Consider the function h(x) = a(-2x+1)^5-b, where a doesn't equal 0 and b doesn't equal 0 are constants.
A. Find h'(x) and h"(x)
B. show that h is monotonic ( that is, that either h always increases or remains constant or h always decreases or remains constant)
C. Show that x-coordinate(s) of the location(s) of the critical points are independent of a and b.
h' = 5a(-2x+1)^4 (-2) = -10a(-2x+1)^4
h'' = 80a(-2x+1)^3
Since h' >=0 for all x, it is monotonic
h'=0 ==> (-2x+1)^4 = 0, independent of a,b
A. To find the derivatives of the function h(x), we need to apply the chain rule.
1. h'(x):
The power rule states that the derivative of x^n with respect to x is n*x^(n-1).
Using the chain rule, we have:
h'(x) = a * 5(-2x + 1)^(5-1) * (-2)
= -10a(-2x + 1)^4
2. h"(x):
We need to find the derivative of h'(x):
h"(x) = -10a * 4(-2x + 1)^(4-1) * (-2)
= 40a(-2x + 1)^3
B. To determine whether the function h(x) is monotonic, we need to analyze the sign of its derivative.
1. h'(x):
Since a and b are constants and we don't have information about their values, we cannot make conclusions about the sign of h'(x) directly.
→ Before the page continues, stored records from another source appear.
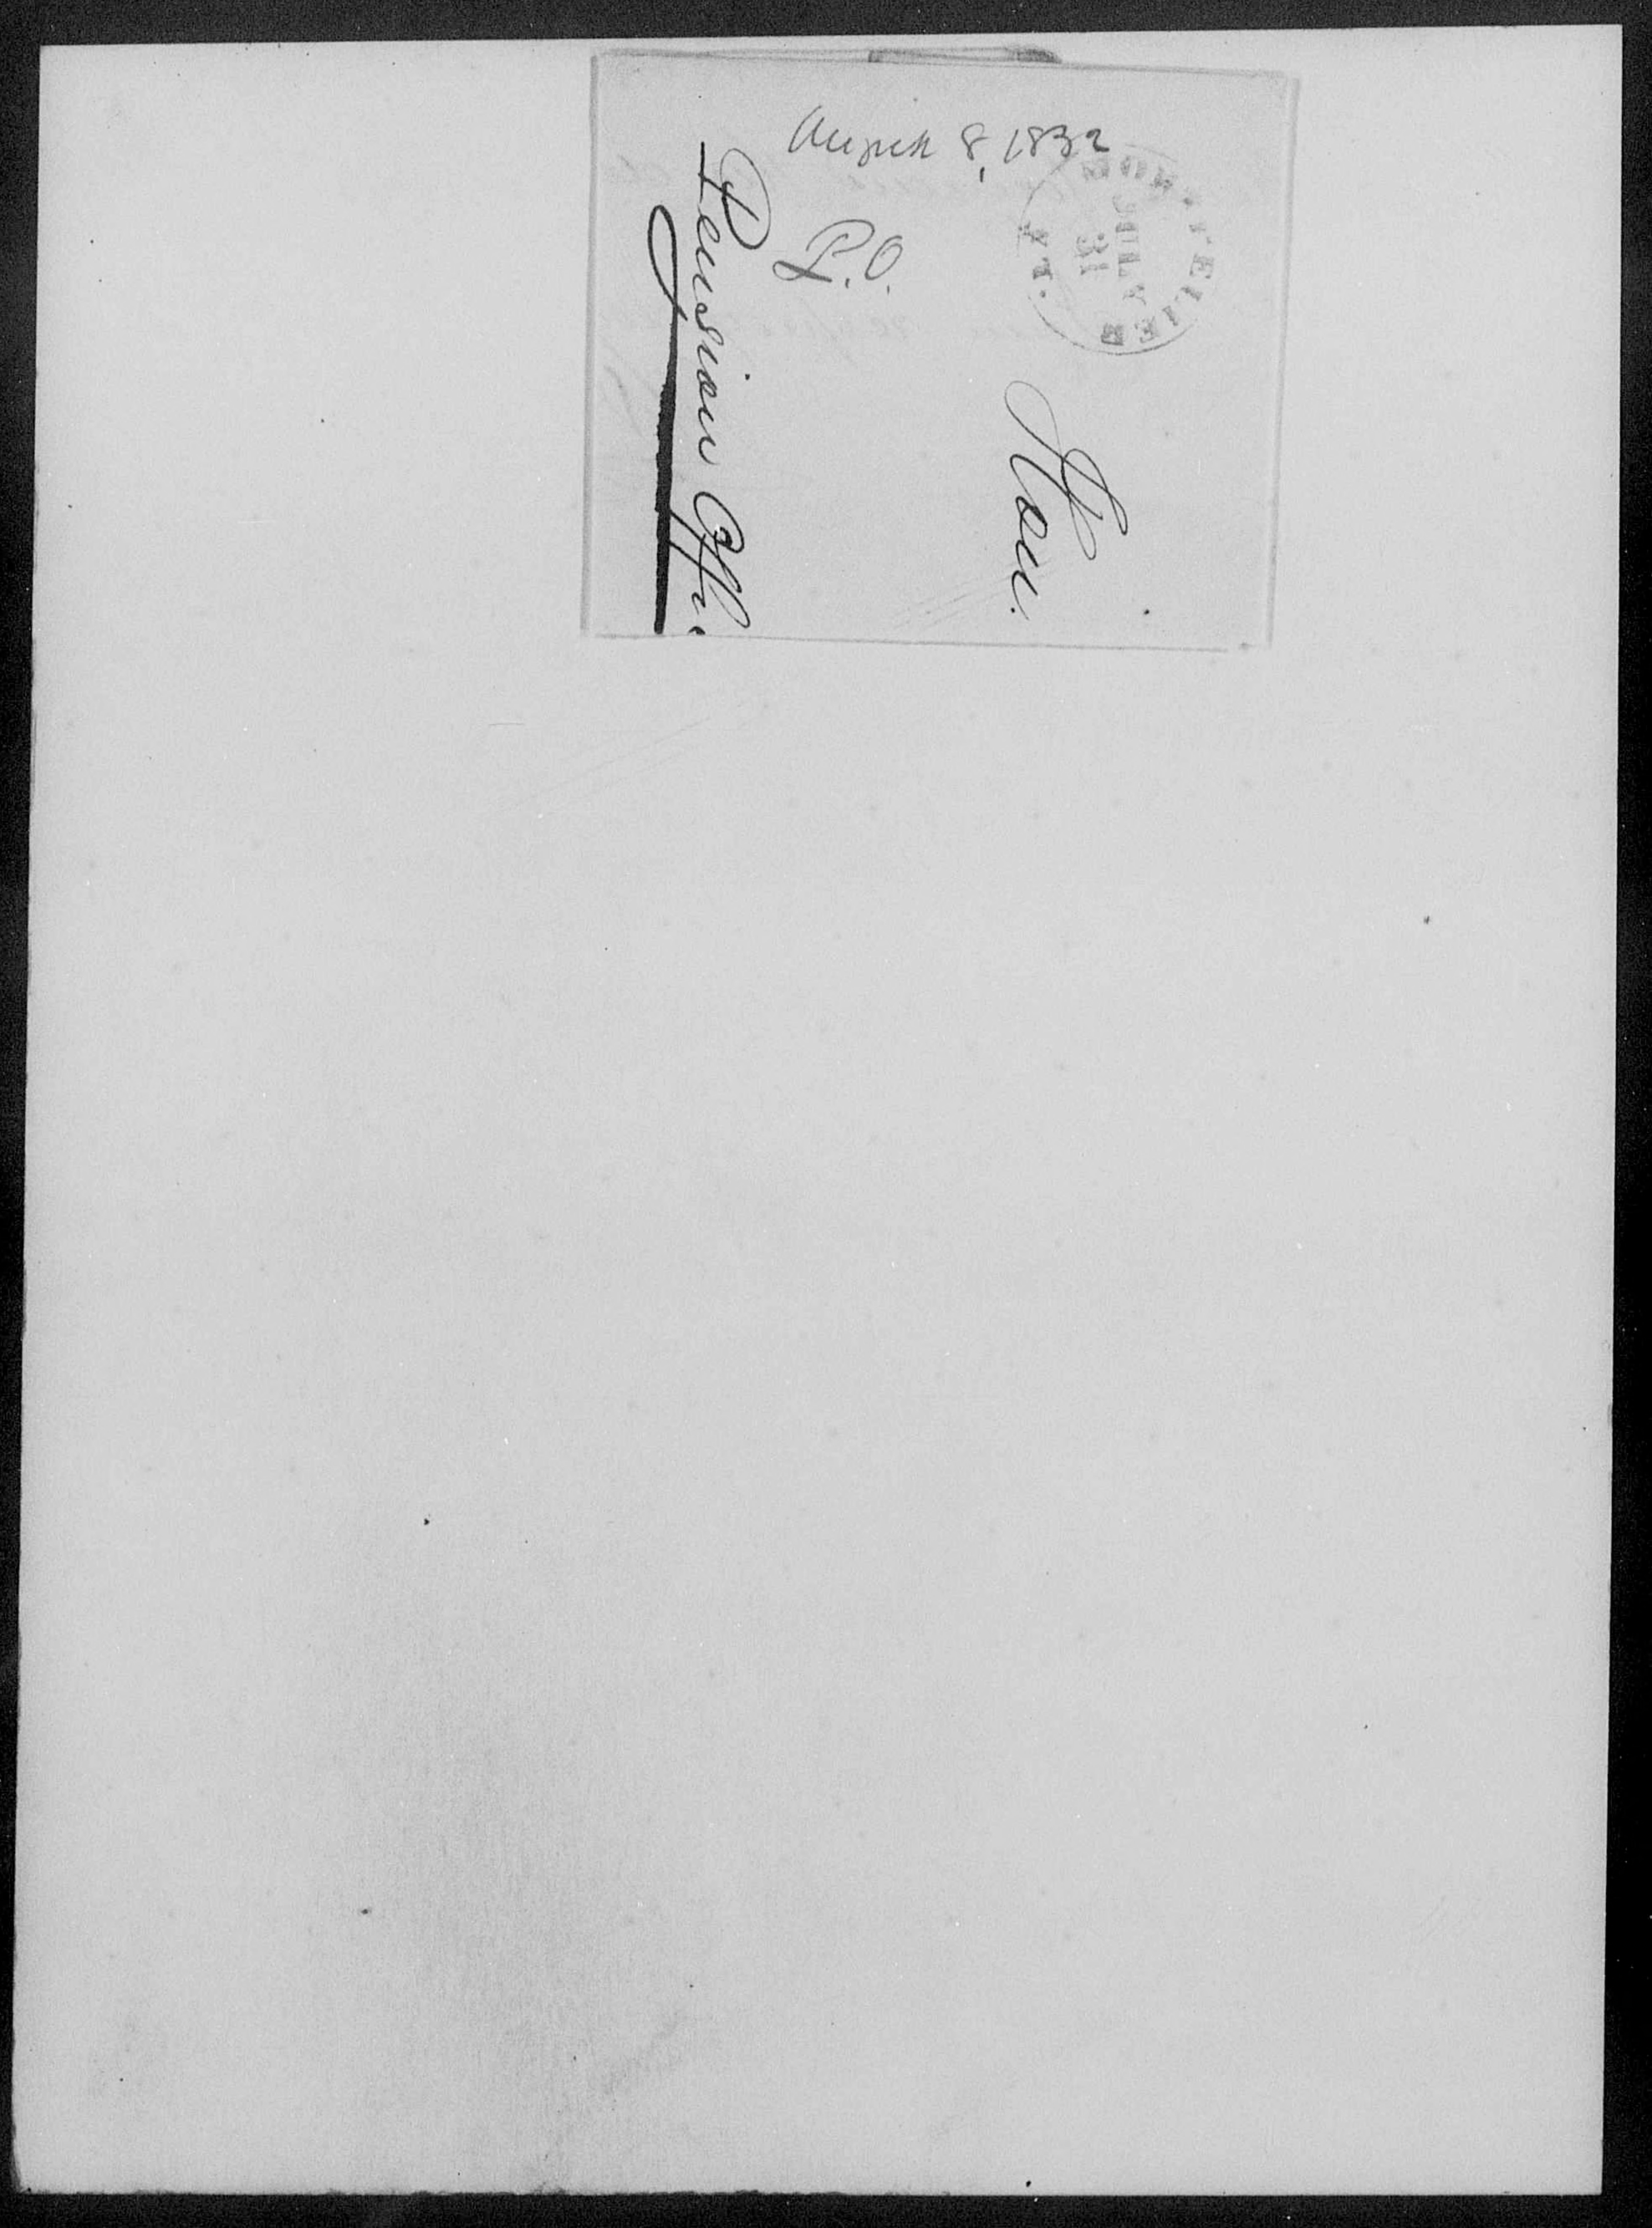August 8, 1832
P?.O.

[round stamp in blank ink, outer circle: MONTPELIER VT., inner circle JULY 31]

[written sideways on left: Pension Office]

[written sideways on right: Hon.?]

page: 17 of 47
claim: widow's
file: W. 225, Gilbert Hatch, Conn.

C. To show that the x-coordinate(s) of the critical points are independent of a and b, we need to find the values of x for which h'(x) equals zero (critical points).
1. Set h'(x) to zero and solve for x:
-10a(-2x + 1)^4 = 0
We can see that the only factor that affects the values of x is (-2x + 1). This means that no matter what values a and b have, the x-coordinates of the critical points will be the same.
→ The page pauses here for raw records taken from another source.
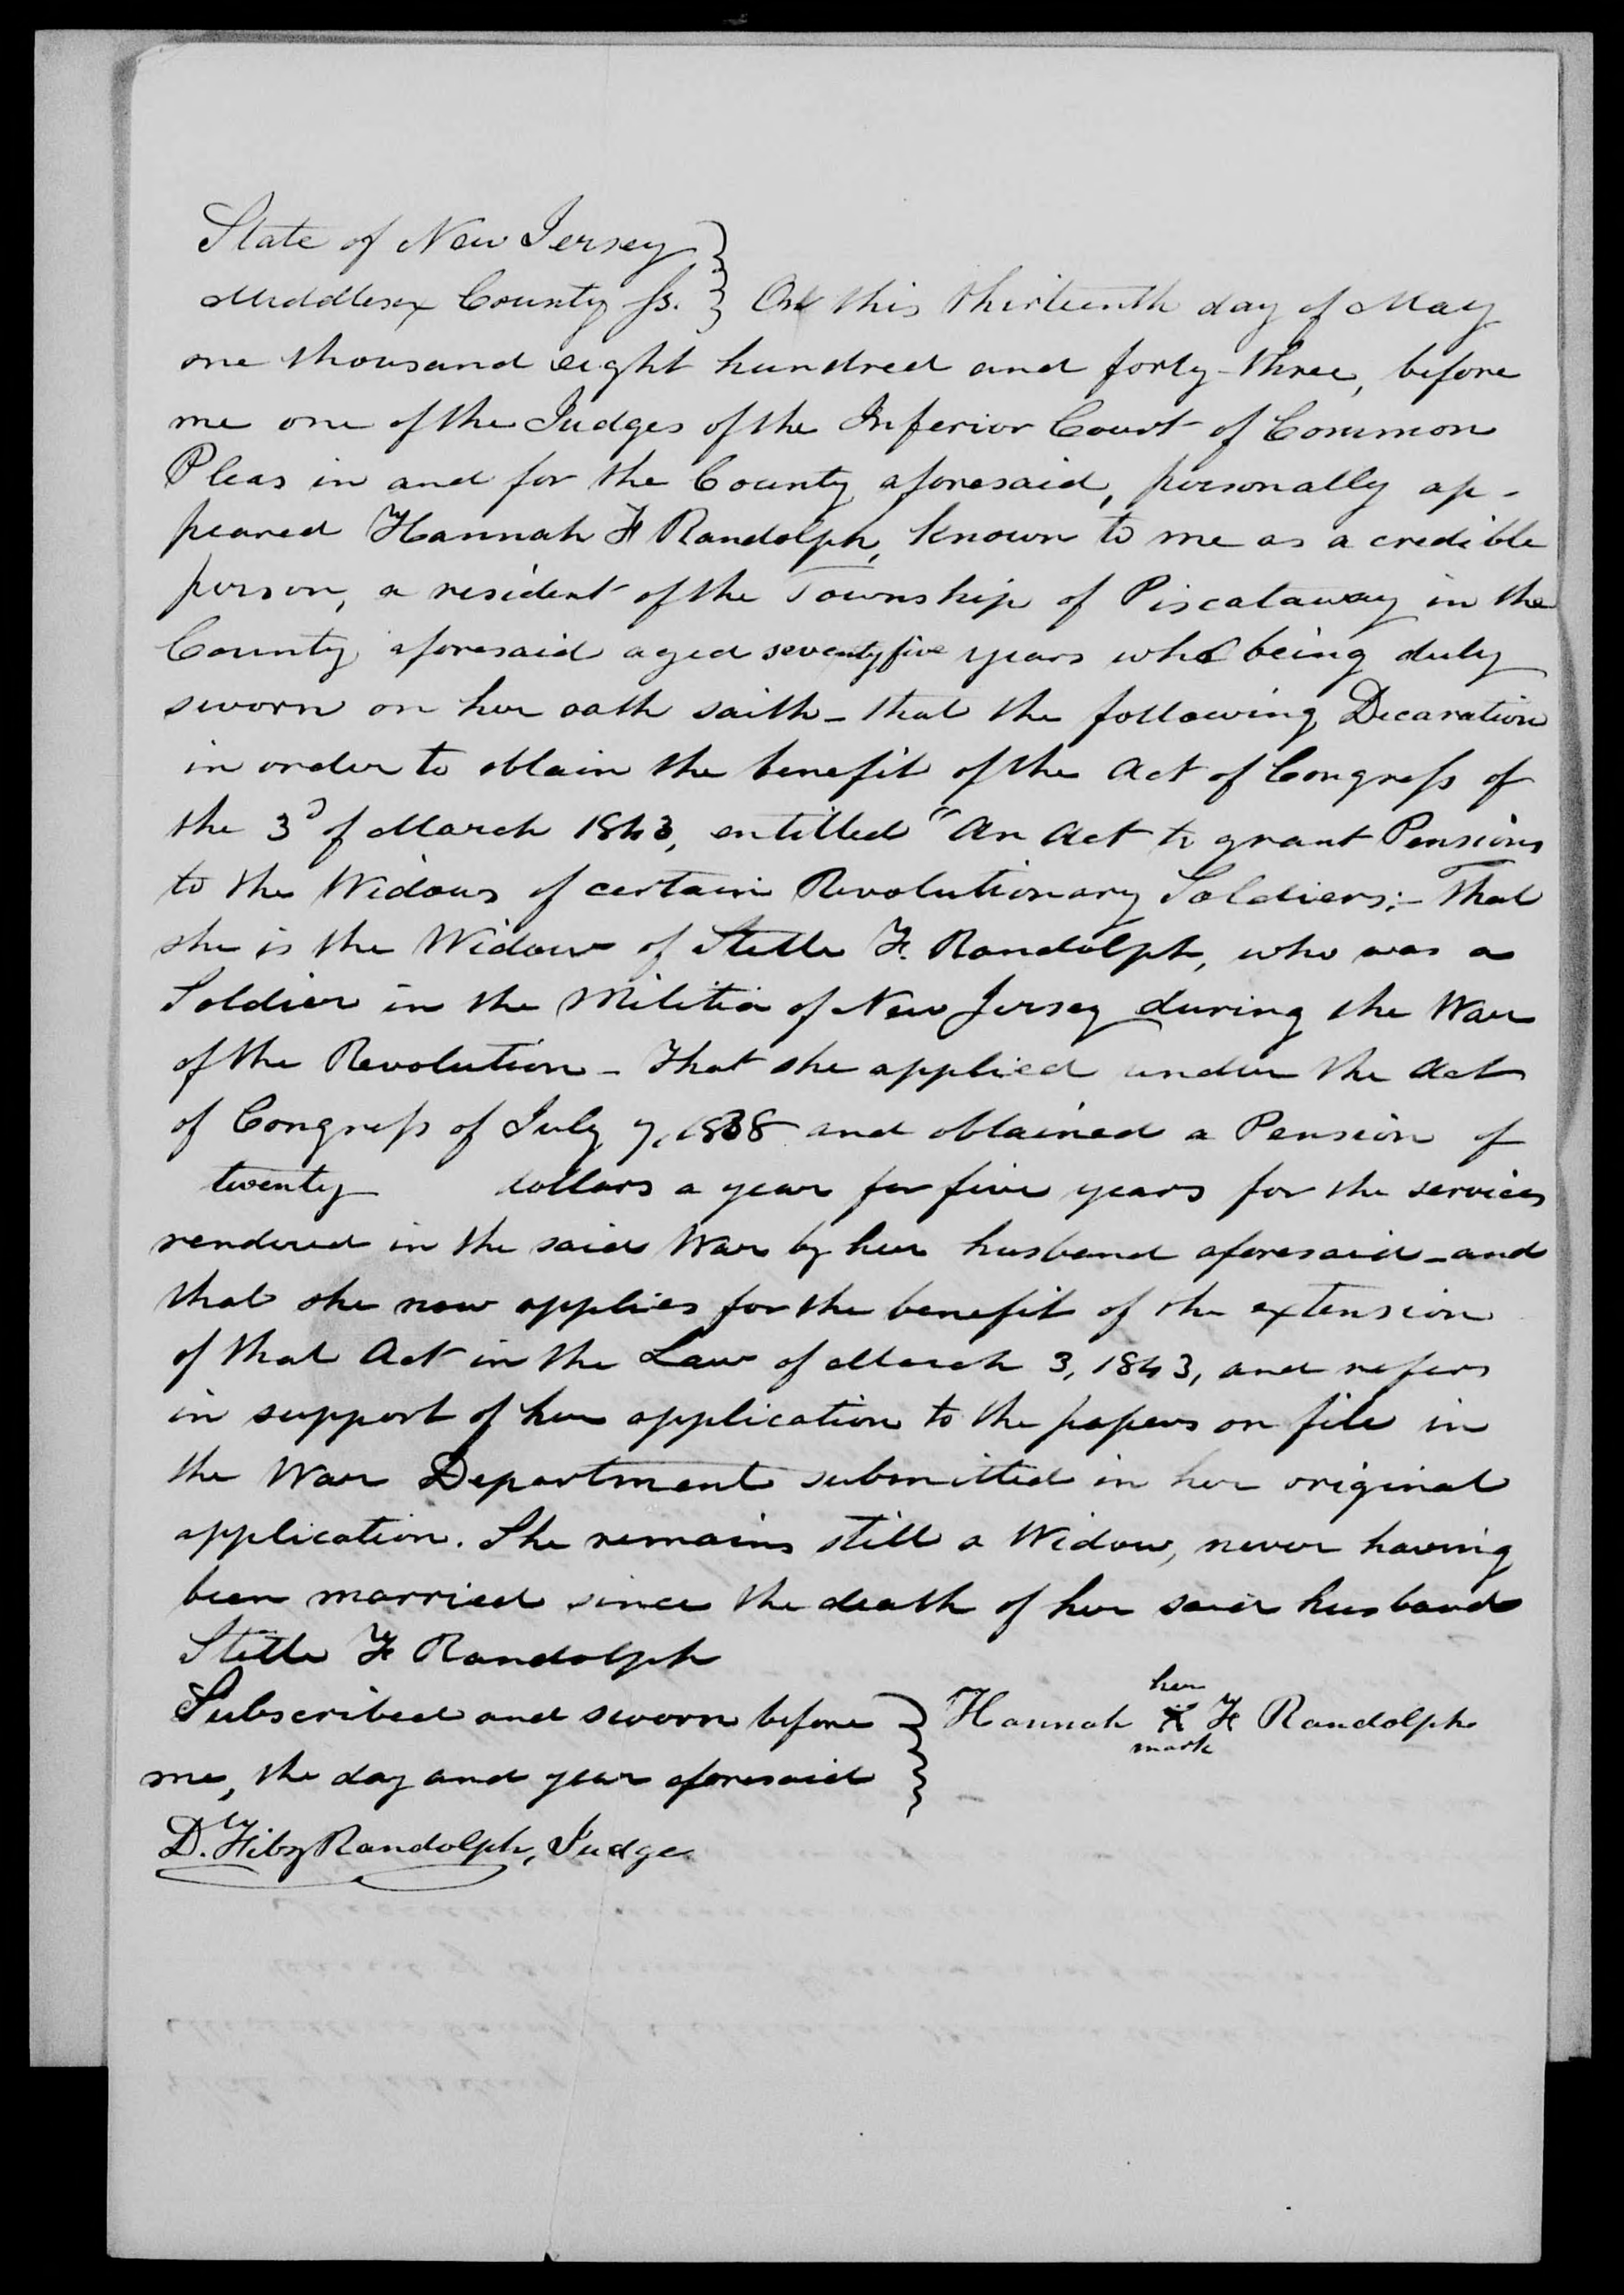State of New Jersey
Middlesex County fs.
On this thirteenth day of May one thousand eight hundred and forty-three, beofre me one of the Judges of the Inferior Court of Common Please in and for the County aforesaid, personally appeared Hannah F Randolph, known to me as a credible person, a resident of the Township of Pincalaway in the County aforesaid aged seventy give years who being duly sworn on her oath saith that they following Decaration [Declaration] in order to obtain the benefits of the Act of Congress of the 3rd of March 1843, entitled "An Act to grand Pensions to the Widows of certain Revolutionary Soldiers"l That she is the Widow of Stelle F. Randolph, who was a Soldier in the Militia of New Jersey during the War of the Revolution. That she applied under the Act of Congress of July 7, 1838 and obtained a Pension of twenty dollars a year for five years for the services rendered in the said War by her husband aforesaid and that she now applies for the benefit of the extension of that Act in the Law of March 3, 1843, and [illegible] in support of her application to the papers on file in the War Department submitted in her original application. She remains still a Widow, never having been married since the death of her said husband Stelle F. Randolph
Subscribed and sworn before one, the day and year aforesaid
Hannah F. Randolph her mark
D. Fibz Randolph, Judge

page: 26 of 33
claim: widow's
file: W. 5,665, for Stelle F Randolph, New Jersey

To answer these questions, we need to find the derivatives of the function h(x) with respect to x.
A. Find h'(x) and h''(x)
To find the derivative of h(x), we'll use the chain rule. Let's step-by-step find the derivatives:
Step 1: Differentiate the outer function.
h(x) = a(-2x+1)^5-b
The outer function is (-2x+1)^5. The derivative of this function is:
d/dx [(-2x+1)^5] = 5(-2x+1)^4
Step 2: Multiply by the derivative of the inner function.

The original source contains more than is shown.